Figure BDA0001761207890000041
wherein α is a weight vector;
colour(s)Consistency is defined as: when comparing the current detection clusters CiAnd tracking object TjWhen the color information is obtained, the nearest pair of points is found by calculation<pj,i,pi,j>Color consistency between them, which can be calculated in RGB, HSV or other color spaces; taking HSV space as an example, point pi,jAnd pj,iThe color consistency probability between is defined as follows:
Figure BDA0001761207890000051
wherein c isi,jAnd cj,iRespectively represents pi,jAnd pj,iThe HSV information of (1), beta represents weight;
pi,jand pj,iThe joint consistency probability between them is defined as:
L(pi,j,pj,i)=Ld(pi,j,pj,i)Lc(pi,j,pj,i);
for each tracked object TjAnd detecting cluster CiThe maximum joint likelihood probability of (d) is defined as:
Figure BDA0001761207890000052
if L (j, i) is higher than the set threshold, it indicates the current cluster CiAnd tracking object TjIs the same person, otherwise, if the same person is not found with CiThe associated tracking object, a new tracking object is created.

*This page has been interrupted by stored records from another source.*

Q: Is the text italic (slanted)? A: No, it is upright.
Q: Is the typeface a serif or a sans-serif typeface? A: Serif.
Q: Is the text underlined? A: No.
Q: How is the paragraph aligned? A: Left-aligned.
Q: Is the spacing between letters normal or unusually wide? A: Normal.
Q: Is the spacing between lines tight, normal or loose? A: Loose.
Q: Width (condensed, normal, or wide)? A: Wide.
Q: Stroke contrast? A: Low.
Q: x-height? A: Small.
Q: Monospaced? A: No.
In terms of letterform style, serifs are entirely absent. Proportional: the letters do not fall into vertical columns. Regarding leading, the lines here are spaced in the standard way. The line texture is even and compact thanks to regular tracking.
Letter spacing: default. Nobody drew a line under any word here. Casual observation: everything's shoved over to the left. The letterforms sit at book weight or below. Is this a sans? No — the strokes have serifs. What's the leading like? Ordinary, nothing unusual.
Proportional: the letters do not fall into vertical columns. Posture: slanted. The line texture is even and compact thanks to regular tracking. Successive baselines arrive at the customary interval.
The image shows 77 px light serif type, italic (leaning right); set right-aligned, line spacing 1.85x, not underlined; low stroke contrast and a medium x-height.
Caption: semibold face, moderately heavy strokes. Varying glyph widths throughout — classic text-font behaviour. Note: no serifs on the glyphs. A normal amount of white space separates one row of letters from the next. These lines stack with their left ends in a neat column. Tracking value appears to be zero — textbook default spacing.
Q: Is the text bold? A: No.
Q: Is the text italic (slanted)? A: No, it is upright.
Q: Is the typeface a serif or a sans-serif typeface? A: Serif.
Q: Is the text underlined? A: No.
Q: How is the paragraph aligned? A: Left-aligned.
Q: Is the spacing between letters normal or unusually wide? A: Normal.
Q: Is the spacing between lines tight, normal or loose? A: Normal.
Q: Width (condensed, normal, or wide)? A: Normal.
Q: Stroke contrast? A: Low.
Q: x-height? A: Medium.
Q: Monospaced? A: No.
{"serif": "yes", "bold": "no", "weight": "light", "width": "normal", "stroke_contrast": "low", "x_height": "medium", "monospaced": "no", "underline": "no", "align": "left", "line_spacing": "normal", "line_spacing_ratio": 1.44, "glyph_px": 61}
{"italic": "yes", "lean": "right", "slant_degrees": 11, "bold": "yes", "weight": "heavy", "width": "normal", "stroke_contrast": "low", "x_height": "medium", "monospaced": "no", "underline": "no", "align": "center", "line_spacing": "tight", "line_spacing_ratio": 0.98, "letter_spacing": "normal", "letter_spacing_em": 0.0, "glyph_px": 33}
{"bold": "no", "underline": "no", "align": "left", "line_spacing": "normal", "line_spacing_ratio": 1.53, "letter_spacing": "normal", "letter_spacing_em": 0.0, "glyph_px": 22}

Compared with the prior art, the invention has the following technical effects: the invention provides a human body detection algorithm based on the main characteristic of the lower half of the human body, which mainly aims at the condition that when an RGB-D sensor is lower than the ground, namely, at a low visual angle, or when a detection object is closer to the sensor, only the lower half of the human body is visible. The algorithm can effectively improve the accuracy of human body detection, and is based on the common knowledge that the human body moves on the ground, firstly, the ground in a scene is detected and removed, objects on the ground are clustered on a limited height, and the objects with high HOG confidence values are classified into people and are classified into other people by calculating the HOG characteristics and then feeding the HOG characteristics to a pre-trained SVM binary soft classifier. And then, the detected human body result is used as the input of a tracking module, a tracking object closest to the currently detected human body cluster is searched by using a joint likelihood probability formed by color consistency and distance consistency, and when the maximum likelihood probability is greater than a set threshold, the currently detected human body cluster and the tracking object are considered to be the same person.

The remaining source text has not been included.